Atualizado: 12 de set. de 2021

O novo coronavirus evidencia um problema brasileiro tão antigo


Por Luísa Osik Lehmann*



Crédito: Reprodução/Instagram/@tonidagostinho (editada)


Todos os cenários se agravam durante uma crise e não seria diferente na crise da pandemia do novo coronavírus, com as desigualdades sociais e econômicas vigentes dentro do país. Diante do nosso legado mal resolvido com antecedentes históricos, combinados com a exploração de um sistema econômico altamente desigual, o vírus cria um cenário em que algumas parcelas da sociedade são mais prejudicadas que outras, como: a ampla gama de trabalhadores informais dependendo de uma renda básica “dada” pelo Estado para comer e os habitantes das periferias sendo desproporcionalmente mais expostos aos riscos do Covid-19.

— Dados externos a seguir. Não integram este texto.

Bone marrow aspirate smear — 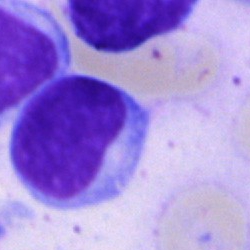Morphology → undifferentiated blast.
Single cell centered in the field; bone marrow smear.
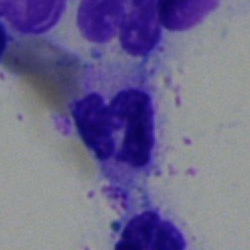
{"cell_type": "segmented neutrophil"}
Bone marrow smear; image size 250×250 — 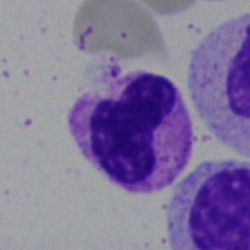
Morphology — segmented neutrophil.
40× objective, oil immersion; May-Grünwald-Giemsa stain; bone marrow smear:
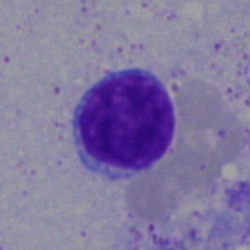

Q: What cell is this?
A: It is a lymphocyte.
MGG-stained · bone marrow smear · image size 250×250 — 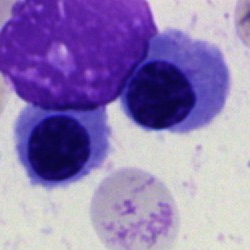 Q: What type of cell is this?
A: It is a normoblast.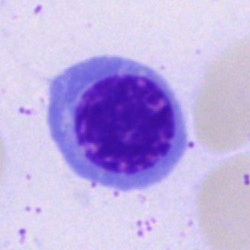Q: Identify the cell.
A: Normoblast.
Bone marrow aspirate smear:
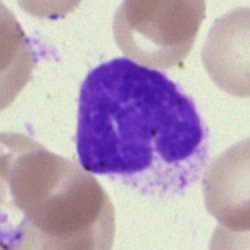

An artifact.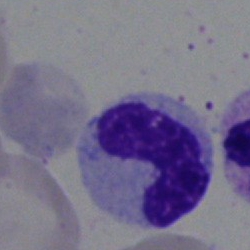{"cell_type": "neutrophil (band)", "lineage": "myeloid"}
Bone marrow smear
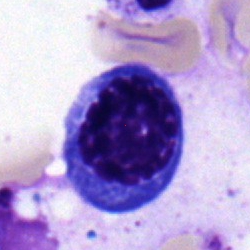Showing a plasma cell.
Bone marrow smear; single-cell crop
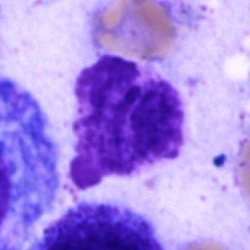
Morphological class — artifact.
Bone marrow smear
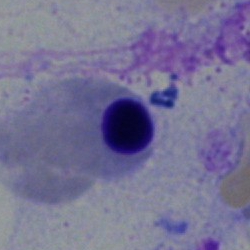 Specimen: bone marrow smear.
Classification: nucleated red cell.
Lineage: erythroid.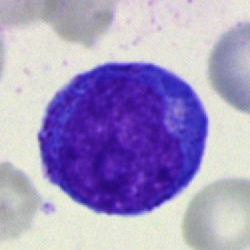Q: What type of cell is this?
A: This is a progranulocyte.
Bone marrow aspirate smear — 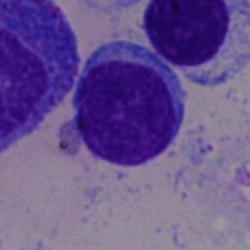 Morphological class = typical lymphocyte.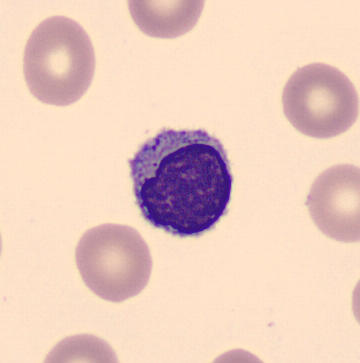Peripheral blood film; 360×363 px. The cell shown is a lymphocyte.
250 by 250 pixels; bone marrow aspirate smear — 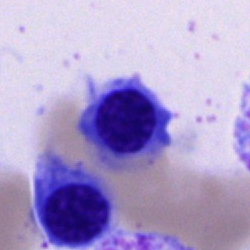Morphology — erythroblast.
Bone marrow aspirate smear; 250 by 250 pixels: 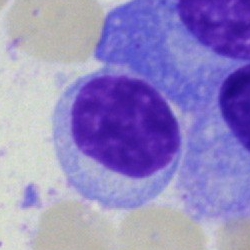 This is a lymphocyte.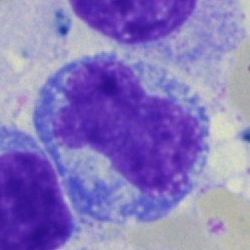 Bone marrow aspirate smear, single cell — cell of indeterminate lineage.
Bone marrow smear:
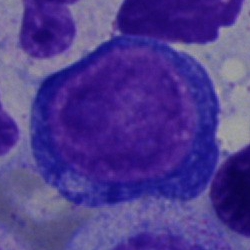 The cell shown is a proerythroblast.
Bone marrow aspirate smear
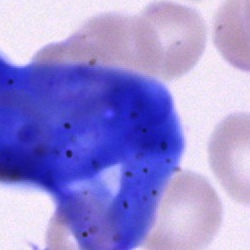
Artifact.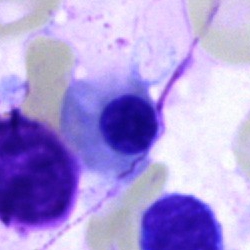

Bone marrow aspirate smear, single cell — nucleated red cell.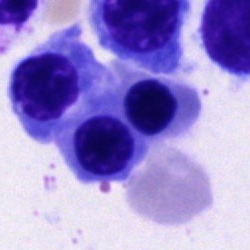
The cell is nucleated red blood cell.
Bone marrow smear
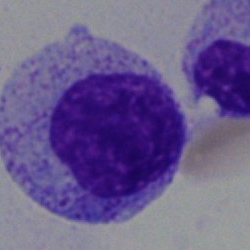

This is a myelocyte.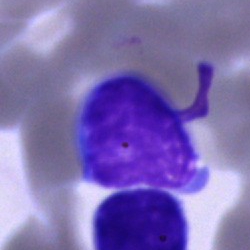{"cell_type": "lymphocyte", "lineage": "lymphoid"}
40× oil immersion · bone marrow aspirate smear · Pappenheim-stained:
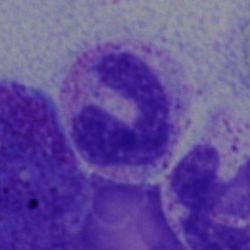
Impression → stab cell.
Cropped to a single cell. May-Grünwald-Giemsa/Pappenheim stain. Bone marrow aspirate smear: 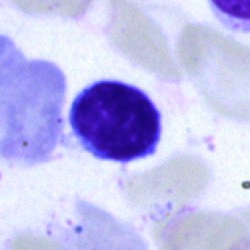

{"cell_type": "typical lymphocyte"}
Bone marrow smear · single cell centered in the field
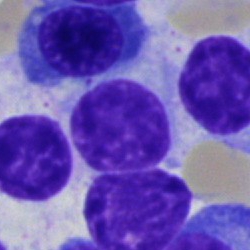
Q: What is shown here?
A: It is an artifact.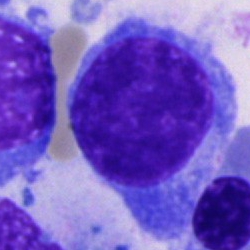Classification: plasma cell.

A precarização das relações trabalhistas atenuadas tanto com a reforma da CLT (feita em 2017) quanto com o aumento da chamada “uberização” do trabalho resulta em uma vasta gama de trabalhadores informais que, segundo os dados da Pesquisa Nacional por Amostra de Domicílios (PNAD) realizada pelo IBGE, chegou a 41,3% (de trabalhadores informais na população ocupada do Brasil). Esses não receberam nenhum auxílio das empresas pelas quais dedicam seus dias (e às vezes noites) e, desse modo, percebe-se que há uma relação entre a precarização e a grande quantidade de trabalhadores diante de um estado de crise por causa da pandemia.

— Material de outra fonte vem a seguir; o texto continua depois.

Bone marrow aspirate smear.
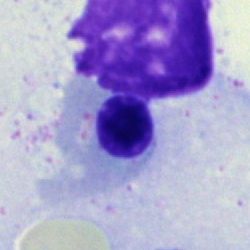Specimen: bone marrow aspirate smear.
Classification: erythroblast.
Lineage: erythroid.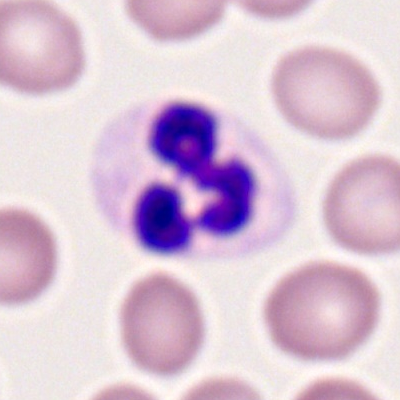Single-cell crop from a peripheral blood smear: segmented neutrophil.
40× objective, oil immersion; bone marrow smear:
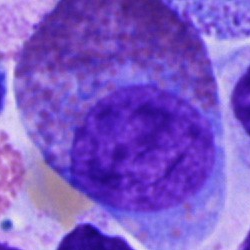 Q: What type of cell is this?
A: This is an eosinophilic granulocyte.
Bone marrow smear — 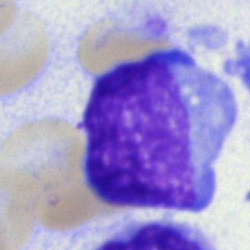Specimen: bone marrow smear.
Classification: blast cell.
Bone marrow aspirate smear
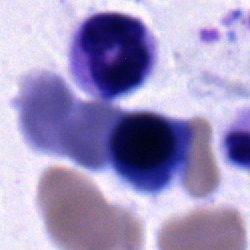 Q: Which cell type is shown here?
A: It is a monocyte.
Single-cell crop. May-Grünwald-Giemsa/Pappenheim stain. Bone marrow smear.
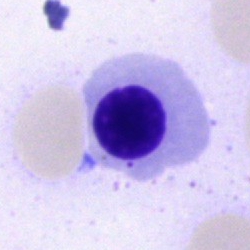

Specimen: bone marrow aspirate smear.
Classification: normoblast.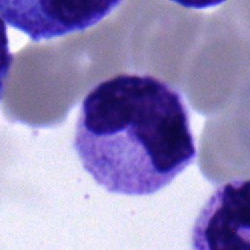

Single-cell crop from a bone marrow smear: neutrophil (band).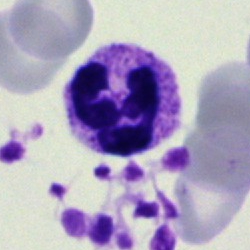
{"cell_type": "segmented neutrophil", "lineage": "myeloid"}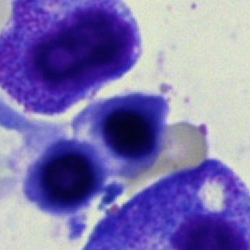

This is a nucleated red blood cell.
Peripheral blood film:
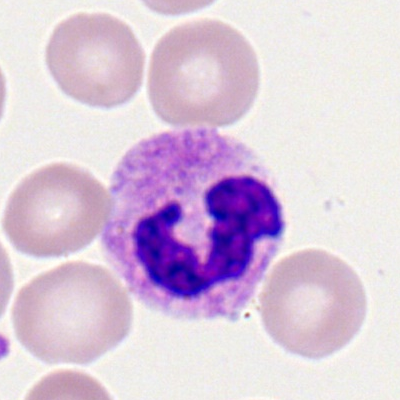 Specimen: peripheral blood smear.
Cell: polymorphonuclear neutrophil.
Lineage: myeloid.

Recomendações como medidas de higiene pessoal, confinamento e evitar aglomerações podem até parecer medidas simples, mas não são fáceis na realidade de moradores da periferia onde os imóveis têm um tamanho reduzido, com pouca ventilação, sem saneamento básico e onde muitas vezes o acesso à água se dá de forma irregular. O que se vê é que pandemias não são democráticas, pois em uma sociedade em que tantas desigualdades estruturais se fazem presentes, jogam-se pessoas para longe de um acolhimento social em momentos como esse e se coloca a grande população em um único parâmetro, mesmo nem todos tendo acesso igual a informações ou até a artigos de higiene pessoal.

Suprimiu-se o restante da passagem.